1. Introduction and Related Work

Lane detection methods based on computer vision are an essential component of autonomous driving and advanced driver assistance systems. In complex traffic environments, accurate lane detection can enhance vehicle safety and reliability, improving the overall driving experience. Traditional lane detection methods, which rely on computer vision techniques such as edge detection [1,2], color segmentation, or Hough transforms [3], struggle to cope with extreme lighting conditions, adverse weather effects, road surface damage, occlusions, and non-standard lane markings. These challenges result in lower detection accuracy, poorer robustness, and an inability to meet the real-time processing and high-precision requirements of modern autonomous driving systems.

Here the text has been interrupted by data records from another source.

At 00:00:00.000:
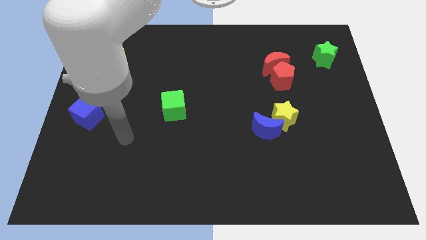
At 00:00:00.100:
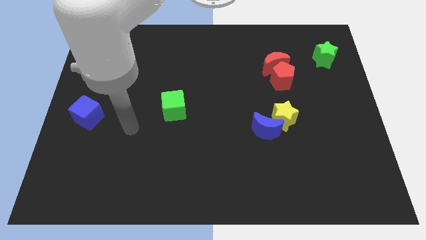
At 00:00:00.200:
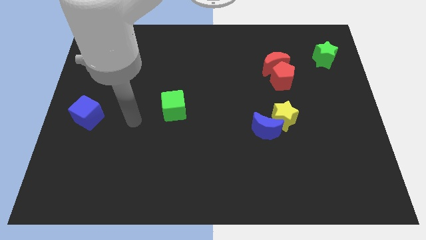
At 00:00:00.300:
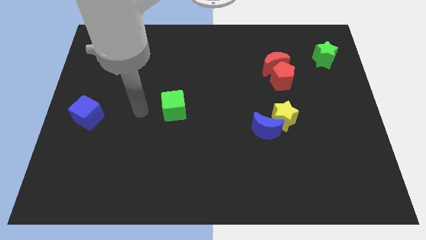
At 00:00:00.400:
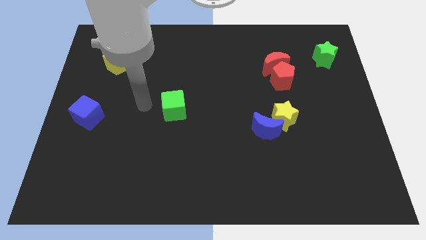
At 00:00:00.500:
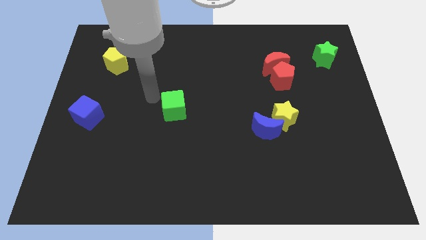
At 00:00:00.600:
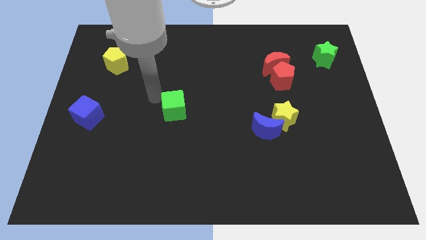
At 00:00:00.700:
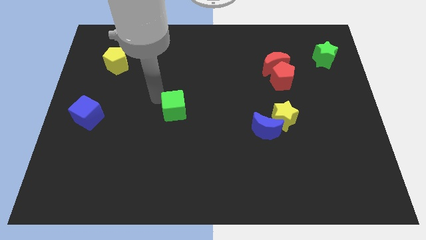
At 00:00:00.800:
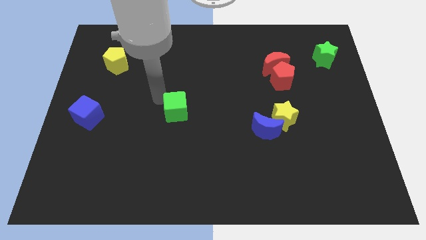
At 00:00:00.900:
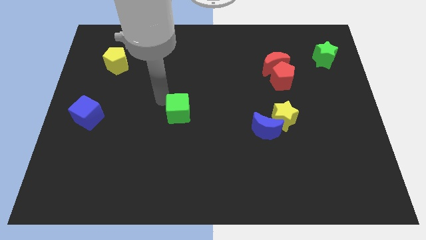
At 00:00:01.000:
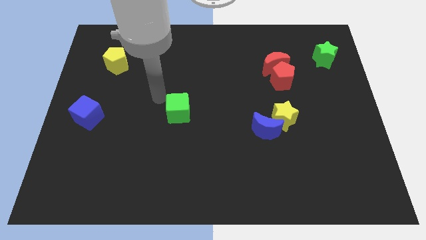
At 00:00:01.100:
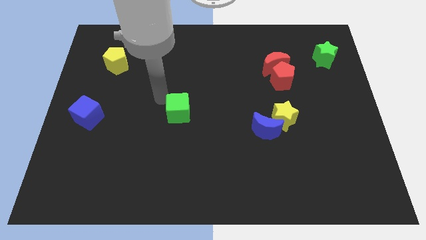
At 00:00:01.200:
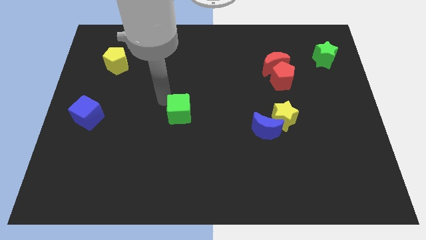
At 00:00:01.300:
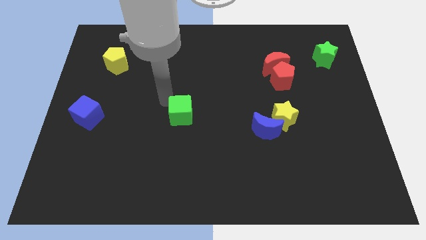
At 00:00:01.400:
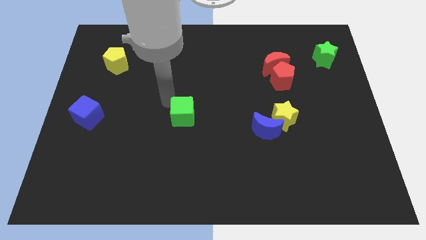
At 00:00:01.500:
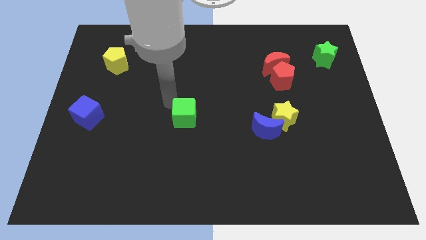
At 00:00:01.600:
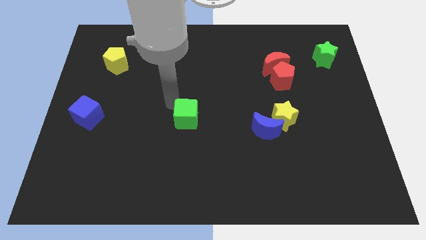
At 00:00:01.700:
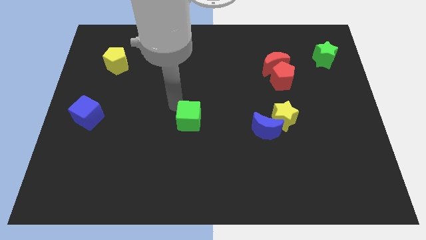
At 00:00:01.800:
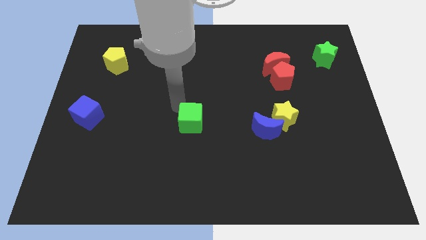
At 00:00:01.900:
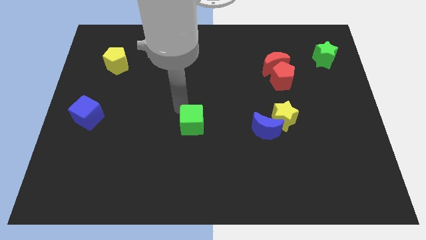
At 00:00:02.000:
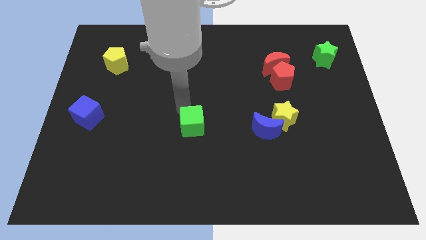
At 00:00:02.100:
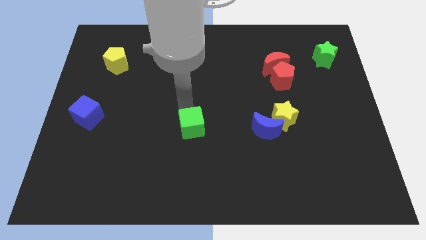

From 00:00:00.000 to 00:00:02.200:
slide the green cube somewhat down and then right

Compared to traditional lane detection methods, deep neural network-based lane detection methods have demonstrated significant advantages in the field of autonomous driving. This approach utilizes an end-to-end learning framework to automatically learn and extract lane features directly from raw images, effectively overcoming the limitations of traditional methods [4]. Deep learning models are trained on large amounts of labeled data, enabling them to automatically capture complex features and subtle differences in images, thus improving the accuracy and robustness of lane detection. Furthermore, the powerful representation capability of deep neural networks allows them to maintain high performance in various complex environments, adapting to different road conditions and driving scenarios. Currently, deep learning-based lane detection methods are mainly categorized into three types: segmentation-based methods [5,6], line-based methods [7,8], and parameter-based methods [9,10].

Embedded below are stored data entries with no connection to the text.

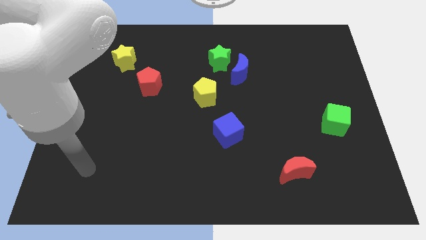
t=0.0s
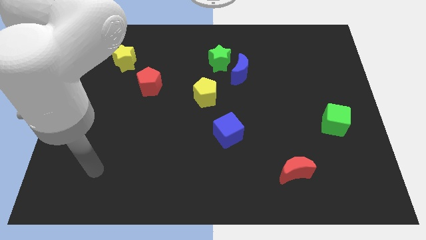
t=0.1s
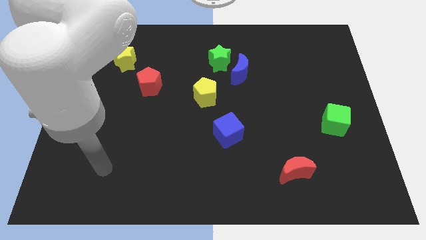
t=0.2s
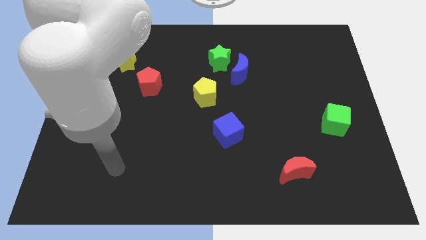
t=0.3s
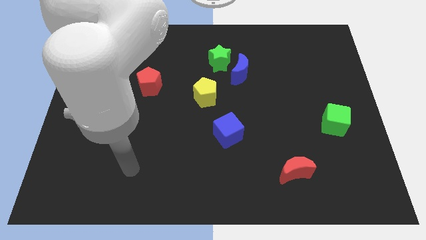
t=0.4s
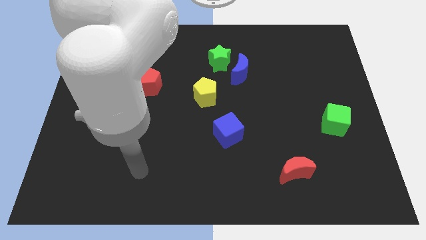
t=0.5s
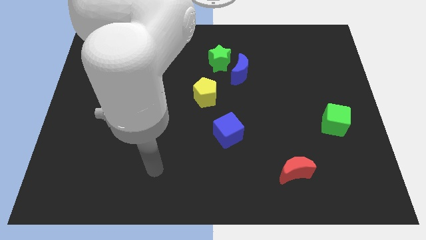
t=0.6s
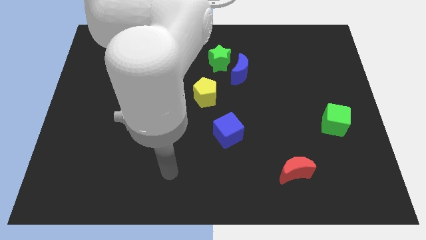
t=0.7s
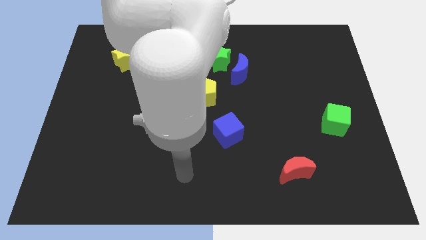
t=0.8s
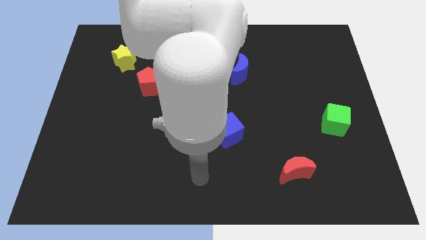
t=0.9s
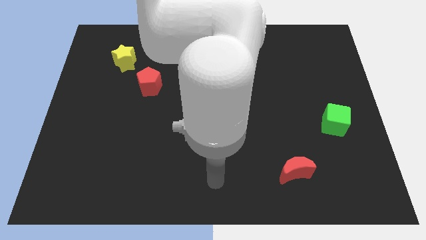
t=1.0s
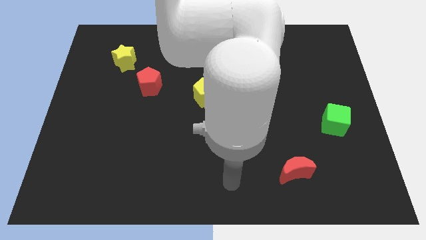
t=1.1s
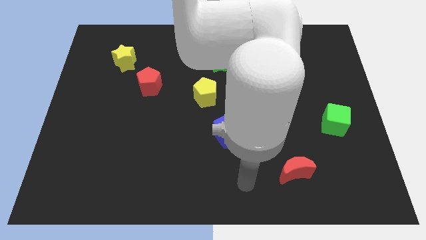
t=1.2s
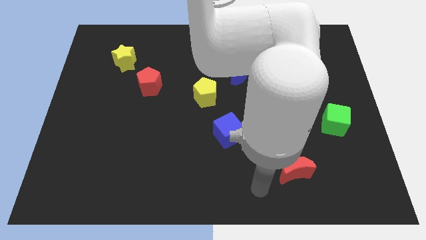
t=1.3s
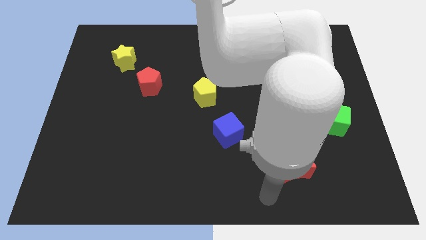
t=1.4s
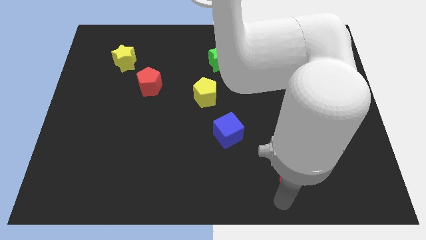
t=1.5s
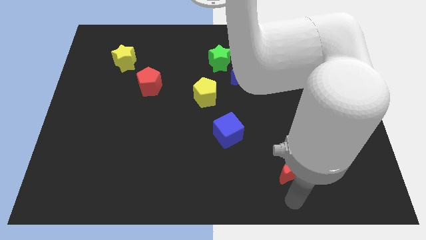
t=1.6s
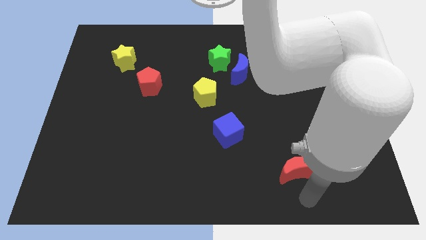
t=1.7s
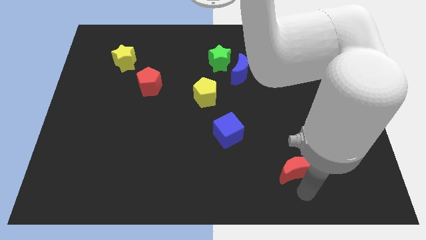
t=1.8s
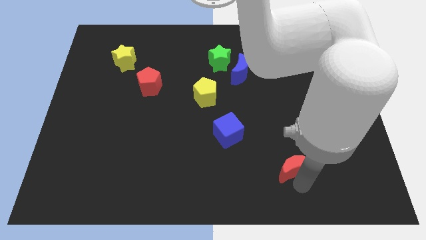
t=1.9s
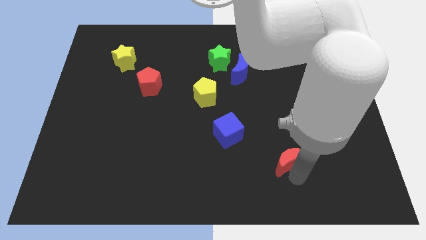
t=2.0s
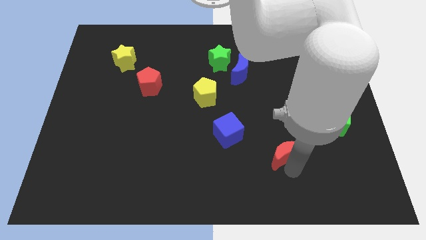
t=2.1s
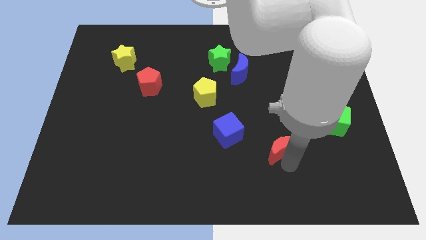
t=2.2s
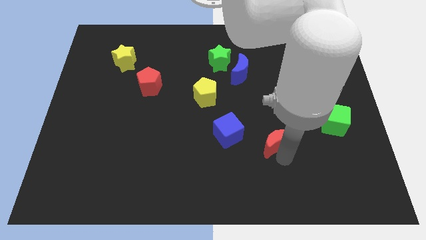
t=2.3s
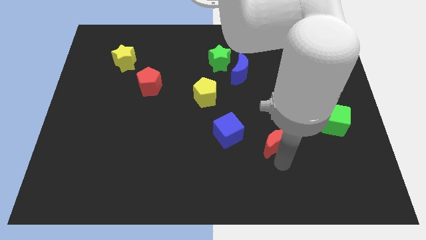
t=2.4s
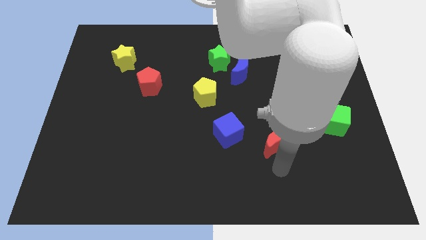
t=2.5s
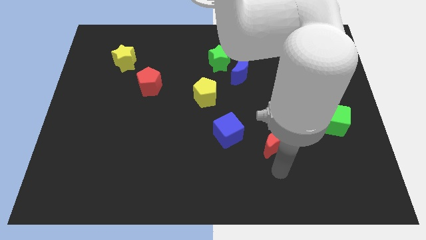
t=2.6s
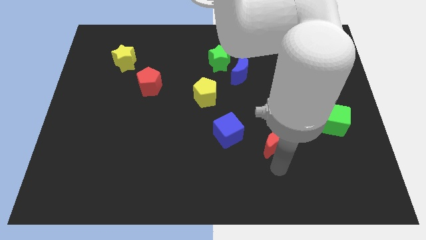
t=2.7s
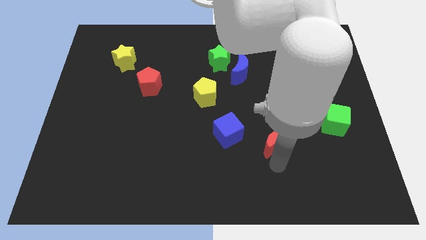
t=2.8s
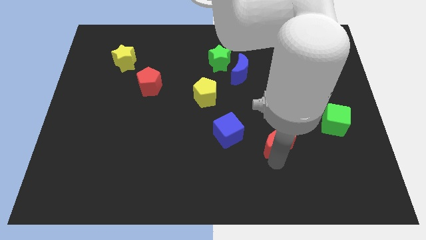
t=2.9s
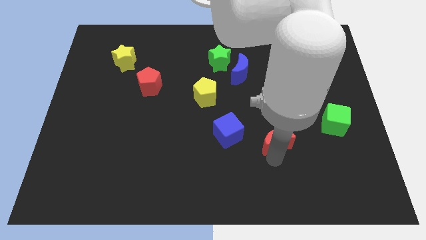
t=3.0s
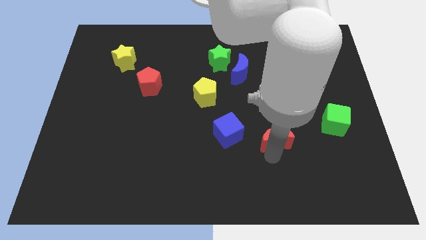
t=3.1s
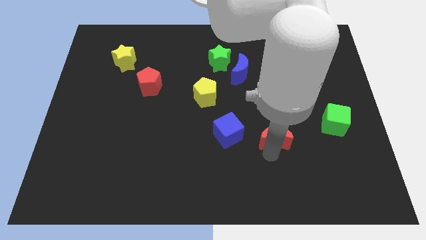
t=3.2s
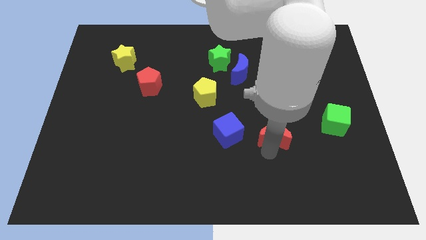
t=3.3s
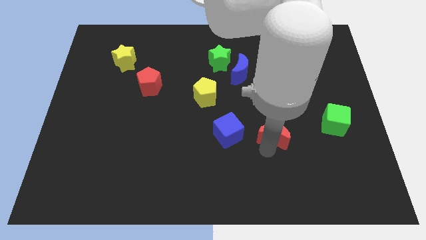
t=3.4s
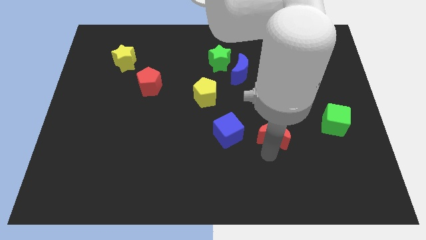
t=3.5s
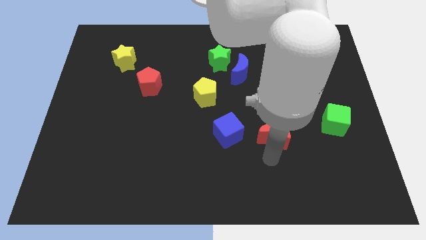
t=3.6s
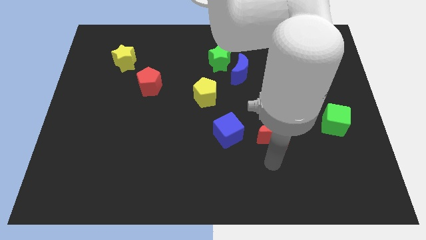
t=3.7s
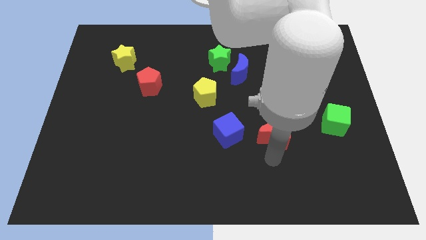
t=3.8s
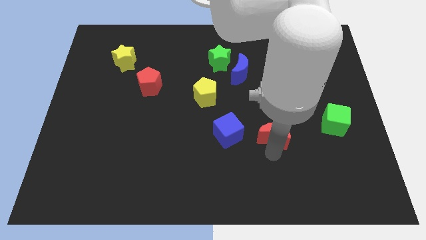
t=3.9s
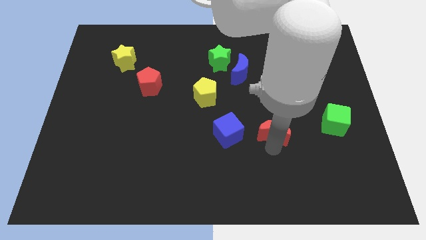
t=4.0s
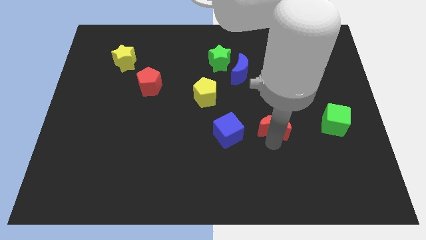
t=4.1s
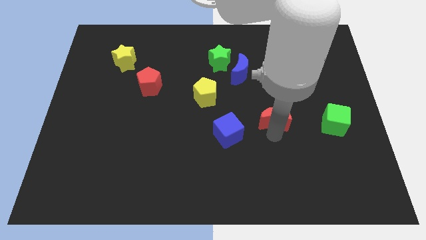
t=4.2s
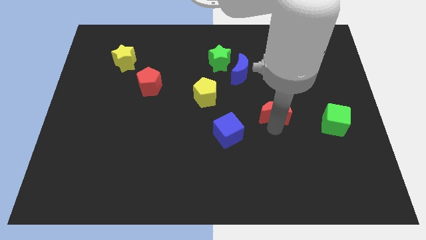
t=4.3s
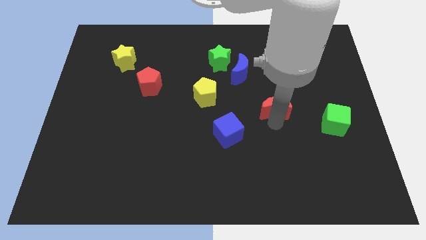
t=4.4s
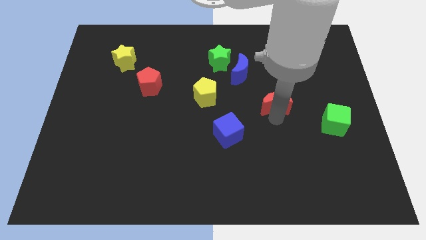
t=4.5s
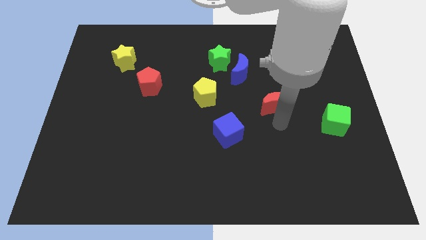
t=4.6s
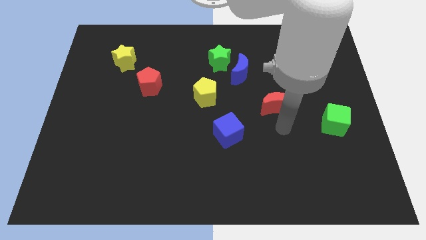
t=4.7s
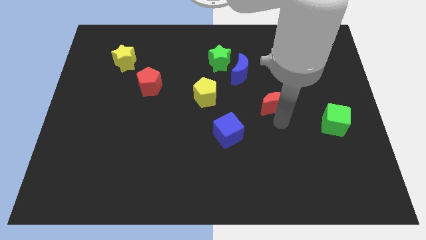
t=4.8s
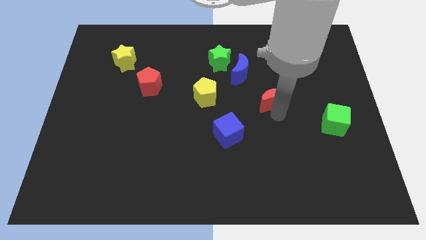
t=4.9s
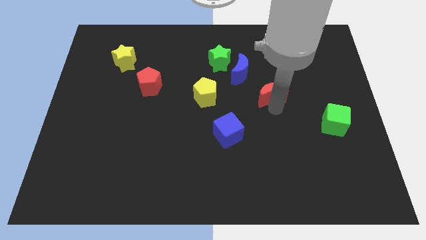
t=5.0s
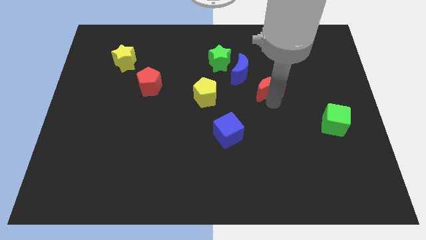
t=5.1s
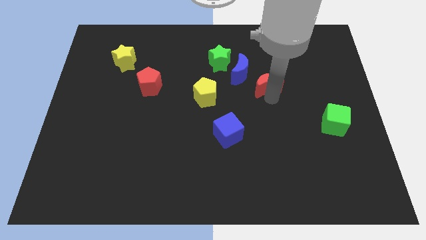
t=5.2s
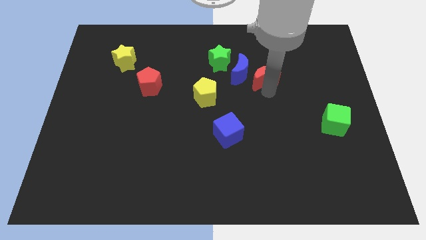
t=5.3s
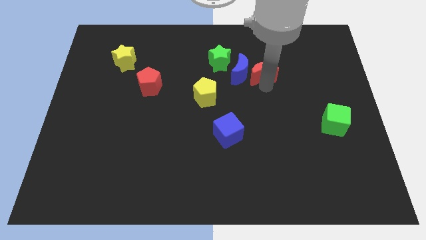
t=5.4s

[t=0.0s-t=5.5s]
slide the red moon diagonally up and to the right of the blue moon

Segmentation-based methods treat lane detection as a pixel-wise classification problem, decomposing input road images into pixel-level category labels, where each pixel is classified as either a lane area or background. The Spatial Convolutional Neural Network (SCNN) proposed by Pan et al. [11] treats different lane markings as distinct classes and introduces a patch-wise CNN structure, incorporating spatial dimension information into the network to better capture the features of elongated structures. However, this approach increases inference time. The LaneNet algorithm designed by Neven et al. [12] assigns each lane line’s pixels to different lane instances and generates pixel-level masks for each object, simplifying the traditional multi-stage processing pipeline and reducing error accumulation caused by multi-stage processing. The CurveLanes-Neural Architecture Search (CurveLanes-NAS) developed by Xu et al. [13] utilizes a network architecture combining Neural Architecture Search (NAS) with adaptive point fusion, allowing the model to automatically adjust its internal parameters based on varying road conditions. However, it requires significant computational resources and has certain limitations in unstructured road scenarios. Che et al. [14] proposed a lane detection framework for drivable area segmentation, which can simultaneously handle drivable area and lane segmentation tasks, achieving multi-task learning through shared feature extraction layers. However, its recognition accuracy is suboptimal in complex environments such as multi-lane roads and intersections, and it is highly dependent on the quality and diversity of the training data. Wang et al. [15] designed a lightweight model and adaptive stitching module, introducing a learnable parameter to adaptively connect the neck and backbone in segmentation tasks, thereby reducing the number of parameters and inference time. However, the overall memory and computational overhead of the model is relatively high, and its prediction accuracy is insufficient in scenarios with strong sunlight and nighttime conditions.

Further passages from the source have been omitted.